Mas não há motivos para euforia e será preciso investir na qualificação e melhoria da média da produção nacional. Boa parte dos vinhos brasileiros ainda apresenta inconsistências visíveis. “Fazia tempo que eu não provava uma bateria de vinhos (no caso de vinhos brasileiros) com tantos defeitos técnicos”, confidenciou o nosso MW. Com problemas de todo tipo, originários do manejo de vinhedos e do processo de vinificação, segundo ele. “Não pensem que eu encontro esses problemas apenas no vinho brasileiro. Na Borgonha, também há disso”, explicou. “Às vezes, o produtor degusta tanto o seu vinho que nem percebe mais os defeitos. É como a minha mulher que nem deve notar mais que sou careca.” Deu para perceber que Vianna tem boa vontade com o vinho brasileiro, mas não vai abrir mão de ser realista e crítico.

Em seu último compromisso formal na feira, na noite do dia 7, quase no apagar das luzes, o MW comandou uma degustação dos melhores vinhos nacionais que experimentara na Expovinis. Quem participou da prova não se arrependeu. Primeiro, Vianna apresentou quatro espumantes. Foram três brut (secos), não safrados (Don Guerino, Gheller e Cordelier) e um extra-brut (ainda mais seco) elaborado especificamente com uvas de uma colheita (Casa Valduga Gran Reserva Extra-Brut 2002). Este último, com bastante complexidade aromática, foi o seu preferido. Em seguida, mostrou dois brancos (o ótimo Sauvignon Blanc 08 da Sanjo e o amadeirado Chardonnay Salton Virtude 08). Para terminar, degustou quatro tintos, dois da catarinense Quinta da Neve (o Pinot Noir 2006 e o Cabernet Sauvignon 2007), o Miolo Castas Portuguesas 2006 e o Salton Talento 2005. Embora não tenha sido eleito o melhor tinto nacional na escolha dos jurados do Top Ten, o Pinot Noir de São Joaquim foi o que mais agradou a Vianna. Quem quiser conhecer mais a visão do MW de Marechal Cândido Rondon deve ler a revista inglesa Decanter, com a qual ele começou a colaborar recentemente.

Os Top Ten

Um júri de 13 especialistas, entre os quais Dirceu Vianna Junior, escolheu os melhores vinhos da feira em 10 categorias

Categoria – Vinho – Produtor – Região – Importador (se houver)
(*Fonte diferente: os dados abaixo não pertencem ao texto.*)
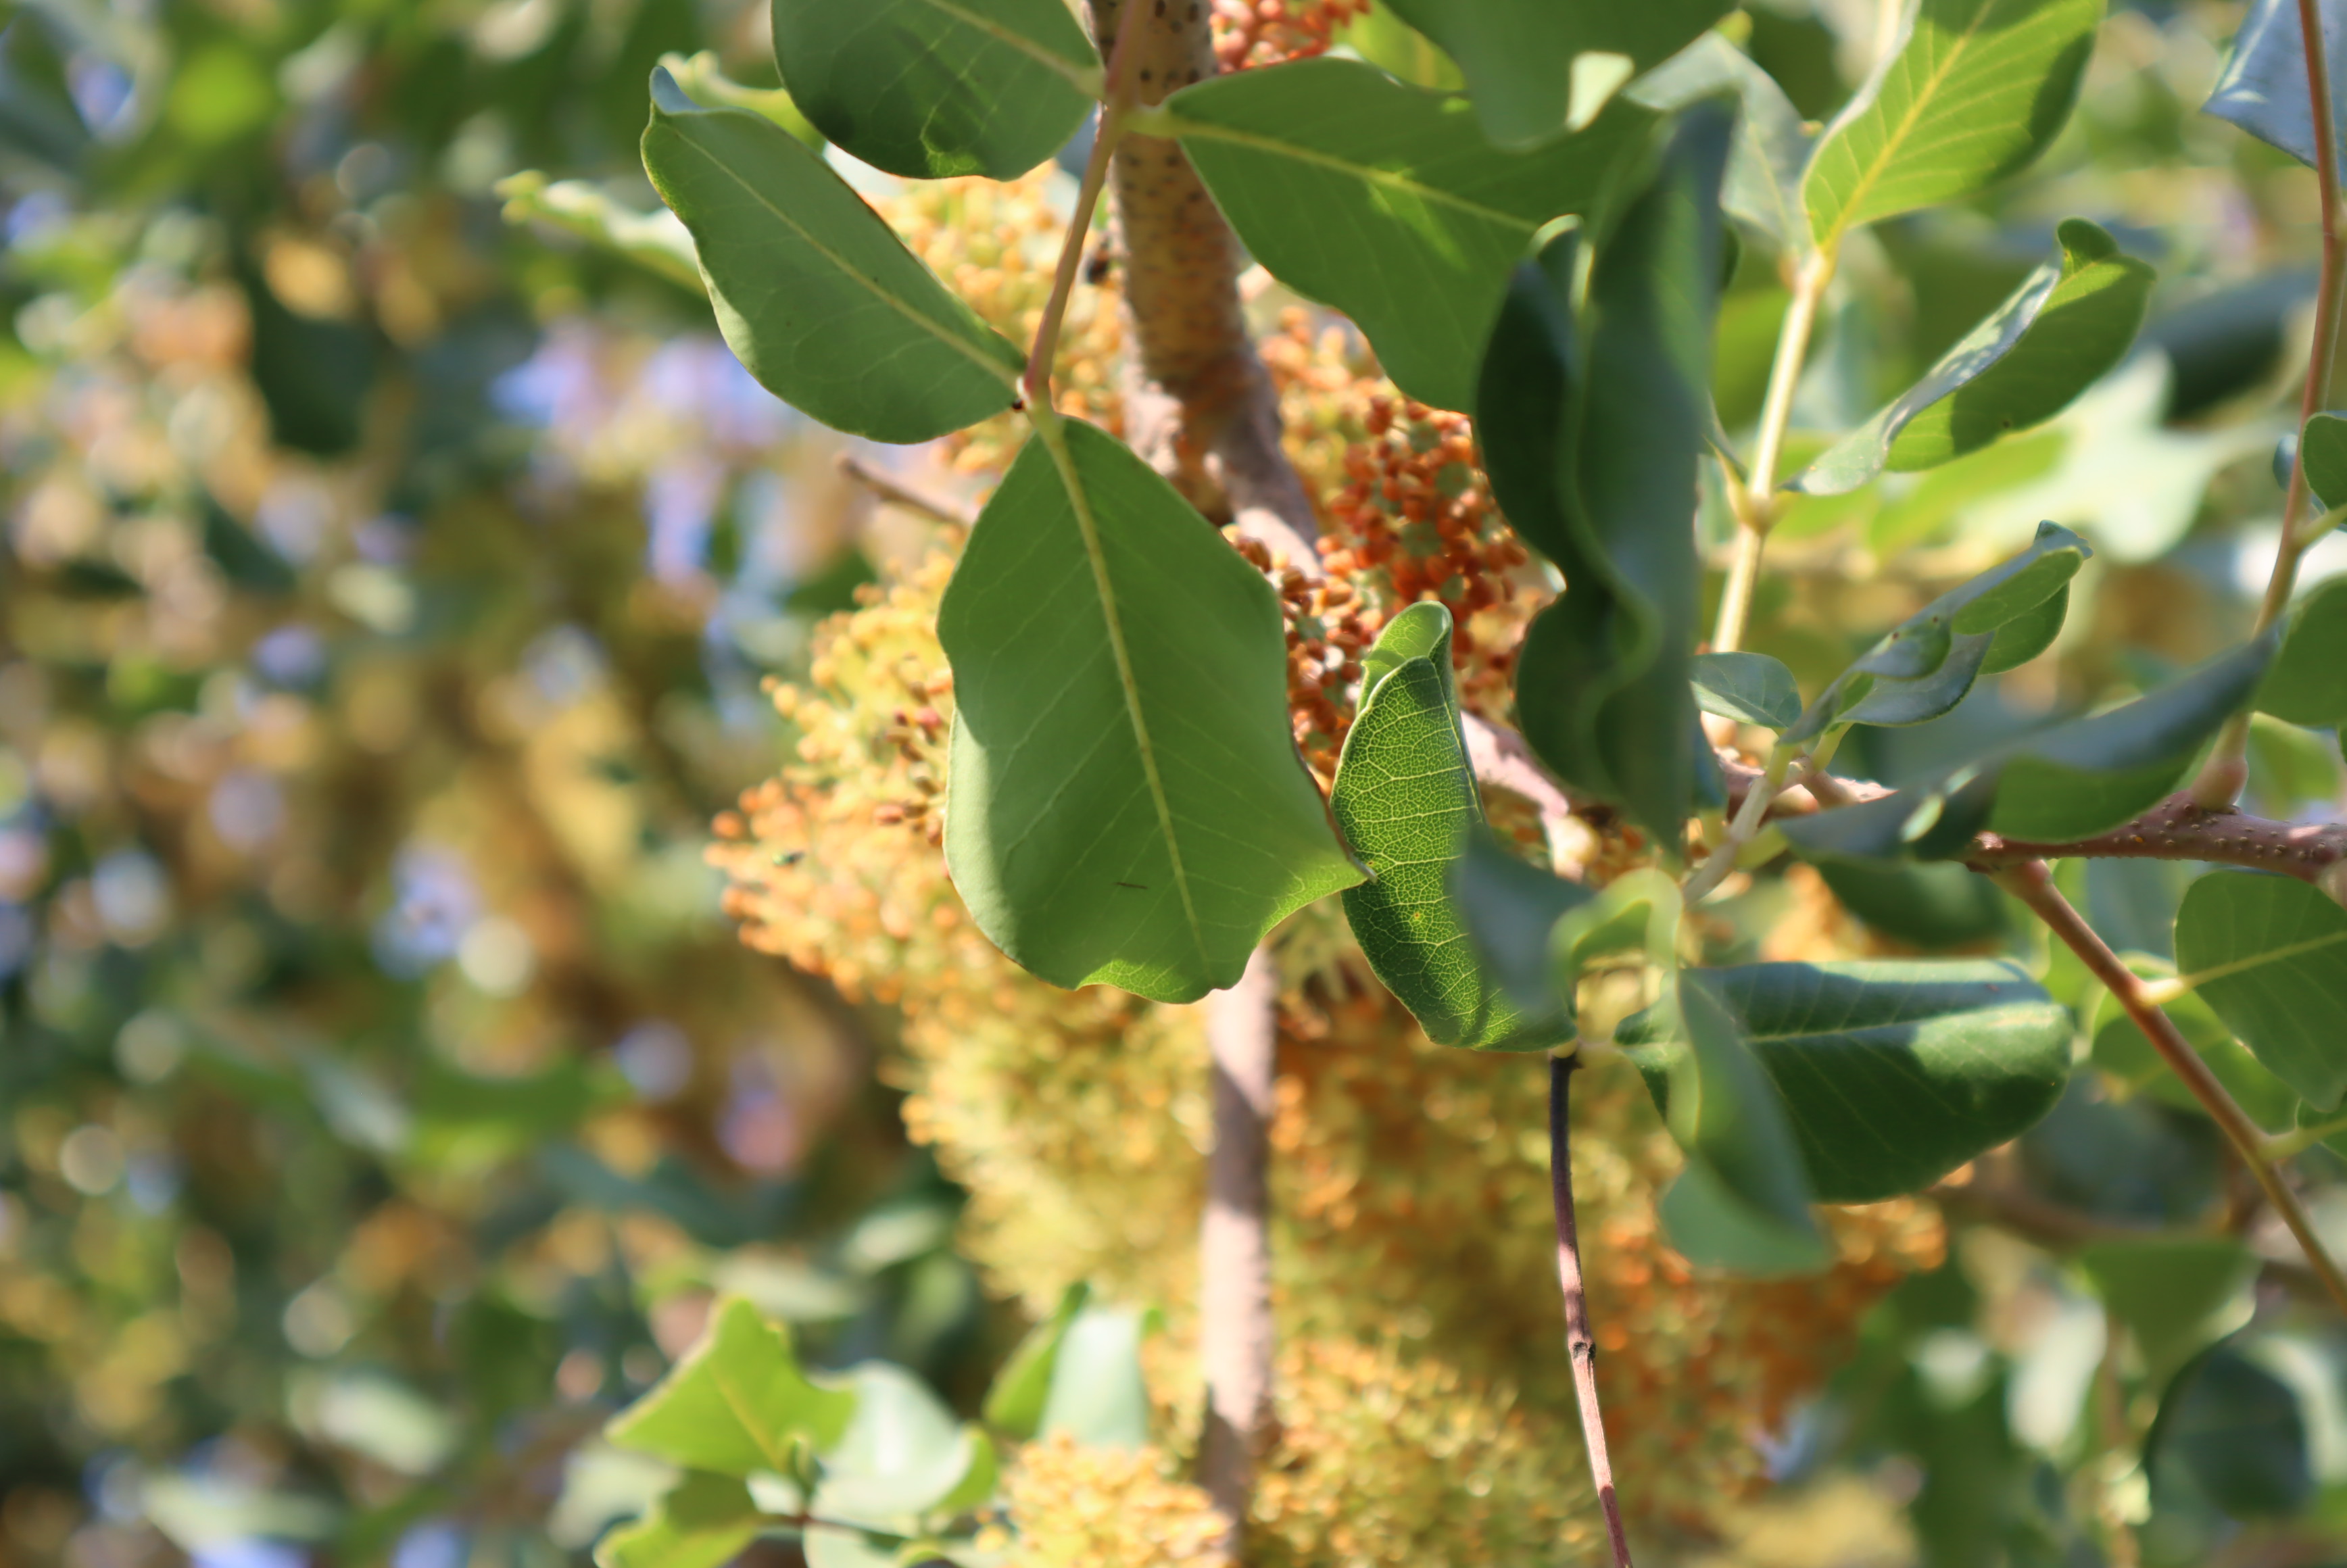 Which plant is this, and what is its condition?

carob, healthy

Espumantes nacionais – Casa Valduga Gran Reserva Extra-Brut 2002 – Casa Valduga – Vale dos Vinhedos (Brasil)

Espumantes Importados – Champagne Pehu Simonet Brut Selection Grand Cru NV – Pehu Simonet – Champagne (França) – Vinalia

Brancos de Sauvignon Blanc – Ventisquero Queulat Gran Reserva 2008 – Ventisquero – Valle de Casablanca (Chile) – Cantu Vinhos

Brancos de Chardonnay – Morandé Terrarum Reserva 2007 – Morandé – Valle de Casablanca (Chile) – Carvalhido Importação

Brancos de outras uvas – Josmeyer Les Pierrets Riesling 2001 – Josmeyer & Fils – Alsácia (França) – Zahil Importadora

Rosés – Cascaÿ 2008 – Château Ferry Lacombe – Provença (França) – Inscrito no concurso por Provence Clube Brasil

Tintos brasileiros – Salton Talento 2005 – Vinhos Salton – Serra Gaúcha (Brasil)

Tintos Novo Mundo – Las Perdices Tinamú 2006 – Viña Las Perdices – Mendoza (Argentina) – Bodegas Selecionadores de Vinhos

Fortificados e Doces – Justino’s Madeira 10 anos – Justinos Henriques – Ilha da Madeira (Portugal) – Inscrito pelo IVBAM (Instituto do Vinho, do Bordado e do Artesanato da Madeira)

Tinto Velho Mundo – Vinha Longa Reserva 2006 – Encostas de Estremoz – Alentejo (Portugal) – Inscrito por Ferreira Malaquias

*Esta matéria foi originalmente publicada na edição de junho de 2009 do Bon Vivant.